### Material provided ###
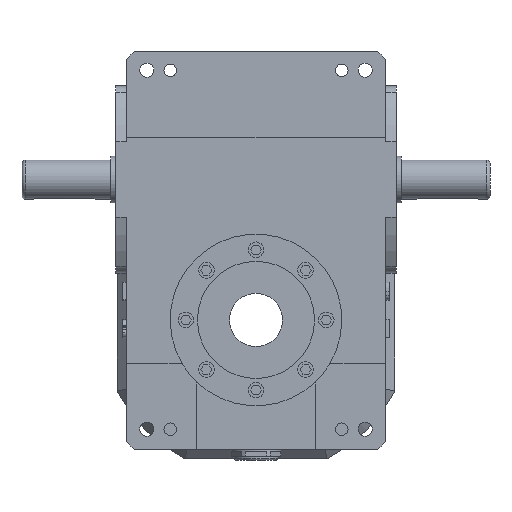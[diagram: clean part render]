
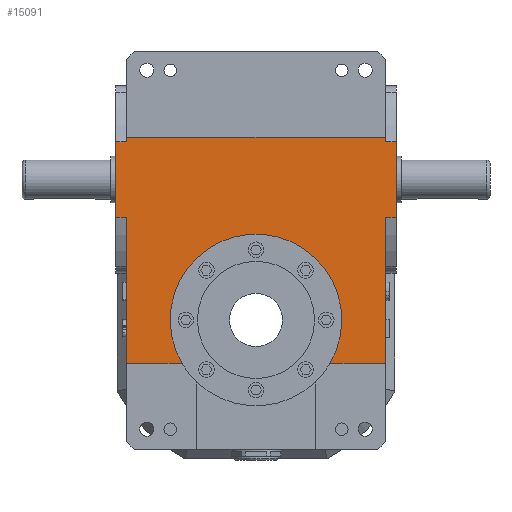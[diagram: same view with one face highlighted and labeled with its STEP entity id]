
A CAD part, front view. The second image highlights one B-rep face of the part: STEP entity #15091.
In plain terms, the highlighted planar face has unit normal (0, -1, 0).
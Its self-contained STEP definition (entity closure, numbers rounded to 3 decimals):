
#525=PLANE('',#15773);
#1059=CIRCLE('',#15774,55.);
#3280=ORIENTED_EDGE('',*,*,#4954,.T.);
#3281=ORIENTED_EDGE('',*,*,#5290,.T.);
#3282=ORIENTED_EDGE('',*,*,#4963,.T.);
#3283=ORIENTED_EDGE('',*,*,#5291,.T.);
#3284=ORIENTED_EDGE('',*,*,#5286,.F.);
#3285=ORIENTED_EDGE('',*,*,#5248,.F.);
#3286=ORIENTED_EDGE('',*,*,#5292,.T.);
#3287=ORIENTED_EDGE('',*,*,#5293,.T.);
#3288=ORIENTED_EDGE('',*,*,#4949,.T.);
#3289=ORIENTED_EDGE('',*,*,#5294,.T.);
#3290=ORIENTED_EDGE('',*,*,#5295,.T.);
#3291=ORIENTED_EDGE('',*,*,#5235,.T.);
#3292=ORIENTED_EDGE('',*,*,#5289,.F.);
#3293=ORIENTED_EDGE('',*,*,#5296,.T.);
#4949=EDGE_CURVE('',#6099,#6098,#7043,.T.);
#4954=EDGE_CURVE('',#6103,#6102,#7048,.T.);
#4963=EDGE_CURVE('',#6109,#6110,#7057,.T.);
#5235=EDGE_CURVE('',#6340,#6339,#7240,.T.);
#5248=EDGE_CURVE('',#6352,#6353,#7243,.T.);
#5286=EDGE_CURVE('',#6353,#6377,#7262,.T.);
#5289=EDGE_CURVE('',#6378,#6339,#7263,.T.);
#5290=EDGE_CURVE('',#6102,#6109,#1059,.T.);
#5291=EDGE_CURVE('',#6110,#6377,#7264,.T.);
#5292=EDGE_CURVE('',#6352,#6379,#7265,.T.);
#5293=EDGE_CURVE('',#6379,#6099,#7266,.T.);
#5294=EDGE_CURVE('',#6098,#6380,#7267,.T.);
#5295=EDGE_CURVE('',#6380,#6340,#7268,.T.);
#5296=EDGE_CURVE('',#6378,#6103,#7269,.T.);
#6098=VERTEX_POINT('',#29265);
#6099=VERTEX_POINT('',#29267);
#6102=VERTEX_POINT('',#29275);
#6103=VERTEX_POINT('',#29277);
#6109=VERTEX_POINT('',#29295);
#6110=VERTEX_POINT('',#29296);
#6339=VERTEX_POINT('',#29939);
#6340=VERTEX_POINT('',#29941);
#6352=VERTEX_POINT('',#29966);
#6353=VERTEX_POINT('',#29968);
#6377=VERTEX_POINT('',#30057);
#6378=VERTEX_POINT('',#30061);
#6379=VERTEX_POINT('',#30067);
#6380=VERTEX_POINT('',#30070);
#7043=LINE('',#29266,#7882);
#7048=LINE('',#29276,#7887);
#7057=LINE('',#29294,#7896);
#7240=LINE('',#29940,#8079);
#7243=LINE('',#29967,#8082);
#7262=LINE('',#30056,#8101);
#7263=LINE('',#30062,#8102);
#7264=LINE('',#30065,#8103);
#7265=LINE('',#30066,#8104);
#7266=LINE('',#30068,#8105);
#7267=LINE('',#30069,#8106);
#7268=LINE('',#30071,#8107);
#7269=LINE('',#30072,#8108);
#7882=VECTOR('',#17118,1000.);
#7887=VECTOR('',#17125,1000.);
#7896=VECTOR('',#17140,1000.);
#8079=VECTOR('',#17723,1000.);
#8082=VECTOR('',#17748,1000.);
#8101=VECTOR('',#17823,1000.);
#8102=VECTOR('',#17830,1000.);
#8103=VECTOR('',#17835,1000.);
#8104=VECTOR('',#17836,1000.);
#8105=VECTOR('',#17837,1000.);
#8106=VECTOR('',#17838,1000.);
#8107=VECTOR('',#17839,1000.);
#8108=VECTOR('',#17840,1000.);
#8741=EDGE_LOOP('',(#3280,#3281,#3282,#3283,#3284,#3285,#3286,#3287,#3288,
#3289,#3290,#3291,#3292,#3293));
#9634=FACE_BOUND('',#8741,.T.);
#15091=ADVANCED_FACE('',(#9634),#525,.F.);
#15773=AXIS2_PLACEMENT_3D('',#30063,#17831,#17832);
#15774=AXIS2_PLACEMENT_3D('',#30064,#17833,#17834);
#17118=DIRECTION('',(-1.,0.,0.));
#17125=DIRECTION('',(1.,0.,0.));
#17140=DIRECTION('',(1.,0.,0.));
#17723=DIRECTION('',(0.,0.,-1.));
#17748=DIRECTION('',(0.,0.,-1.));
#17823=DIRECTION('',(-1.,0.,0.));
#17830=DIRECTION('',(-1.,0.,0.));
#17831=DIRECTION('',(0.,1.,0.));
#17832=DIRECTION('',(0.,0.,1.));
#17833=DIRECTION('',(0.,1.,0.));
#17834=DIRECTION('',(0.,0.,1.));
#17835=DIRECTION('',(0.,0.,1.));
#17836=DIRECTION('',(-1.,0.,0.));
#17837=DIRECTION('',(0.,0.,1.));
#17838=DIRECTION('',(0.,0.,-1.));
#17839=DIRECTION('',(-1.,0.,0.));
#17840=DIRECTION('',(0.,0.,-1.));
#29265=CARTESIAN_POINT('',(-83.,3.,117.));
#29266=CARTESIAN_POINT('',(83.,3.,117.));
#29267=CARTESIAN_POINT('',(83.,3.,117.));
#29275=CARTESIAN_POINT('',(-47.339,3.,-28.));
#29276=CARTESIAN_POINT('',(-38.,3.,-28.));
#29277=CARTESIAN_POINT('',(-83.,3.,-28.));
#29294=CARTESIAN_POINT('',(83.,3.,-28.));
#29295=CARTESIAN_POINT('',(47.339,3.,-28.));
#29296=CARTESIAN_POINT('',(83.,3.,-28.));
#29939=CARTESIAN_POINT('',(-90.,3.,65.69));
#29940=CARTESIAN_POINT('',(-90.,3.,114.31));
#29941=CARTESIAN_POINT('',(-90.,3.,114.31));
#29966=CARTESIAN_POINT('',(90.,3.,114.31));
#29967=CARTESIAN_POINT('',(90.,3.,114.31));
#29968=CARTESIAN_POINT('',(90.,3.,65.69));
#30056=CARTESIAN_POINT('',(90.,3.,65.69));
#30057=CARTESIAN_POINT('',(83.,3.,65.69));
#30061=CARTESIAN_POINT('',(-83.,3.,65.69));
#30062=CARTESIAN_POINT('',(90.,3.,65.69));
#30063=CARTESIAN_POINT('',(90.,3.,114.31));
#30064=CARTESIAN_POINT('',(0.,3.,0.));
#30065=CARTESIAN_POINT('',(83.,3.,117.));
#30066=CARTESIAN_POINT('',(90.,3.,114.31));
#30067=CARTESIAN_POINT('',(83.,3.,114.31));
#30068=CARTESIAN_POINT('',(83.,3.,117.));
#30069=CARTESIAN_POINT('',(-83.,3.,117.));
#30070=CARTESIAN_POINT('',(-83.,3.,114.31));
#30071=CARTESIAN_POINT('',(90.,3.,114.31));
#30072=CARTESIAN_POINT('',(-83.,3.,117.));
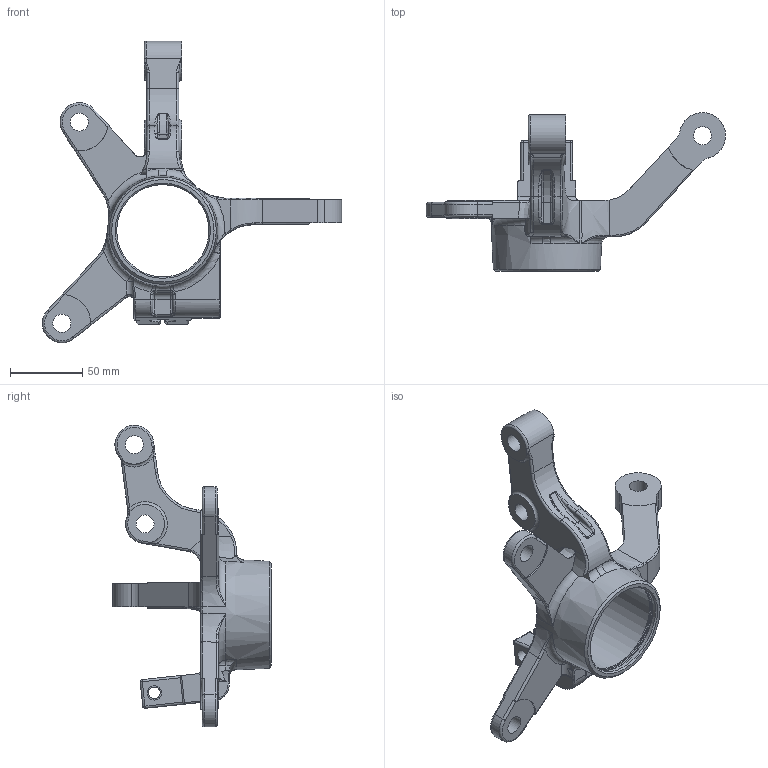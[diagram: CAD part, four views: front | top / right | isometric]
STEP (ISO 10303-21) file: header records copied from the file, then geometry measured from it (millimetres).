
FILE_DESCRIPTION(/* description */ (''),/* implementation_level */ '2;1');
FILE_NAME(/* name */ 'Steering knuckle_VELAN C v16.step',/* time_stamp */ '2021-02-02T21:28:08+06:00',/* author */ (''),/* organization */ (''),/* preprocessor_version */ 'ST-DEVELOPER v18.1',/* originating_system */ 'Autodesk Translation Framework v9.7.1.1290',/* authorisation */ '');
FILE_SCHEMA (('AUTOMOTIVE_DESIGN { 1 0 10303 214 3 1 1 }'));
Length unit declared in the file: millimetre
Products named in the file (1): Steering knuckle_VELAN C
Bounding box: 207.48 x 110 x 209.17 mm (x, y, z)
Volume: 291317.1 mm3; surface area: 70526.9 mm2
Topology: 1 solids, 1 shells, 287 faces, 729 edges, 440 vertices
Faces by surface type: cylinder 103, bspline 66, plane 62, torus 41, sphere 10, cone 5
Full cylindrical faces by diameter (mm): 5 x2, 8 x1, 10 x1, 12.5 x5, 64 x2, 68 x1
Entity records: 11303 total; most frequent: CARTESIAN_POINT 4776, ORIENTED_EDGE 1442, DIRECTION 1248, EDGE_CURVE 721, AXIS2_PLACEMENT_3D 515, VERTEX_POINT 440, EDGE_LOOP 307, FACE_OUTER_BOUND 287
###
§ Assignment:
Each line of the entries above that includes the string "unit" should be copied out.

§ Result for this task:
In plain terms, the highlighted planar face has unit normal (0, -1, 0).
Length unit declared in the file: millimetre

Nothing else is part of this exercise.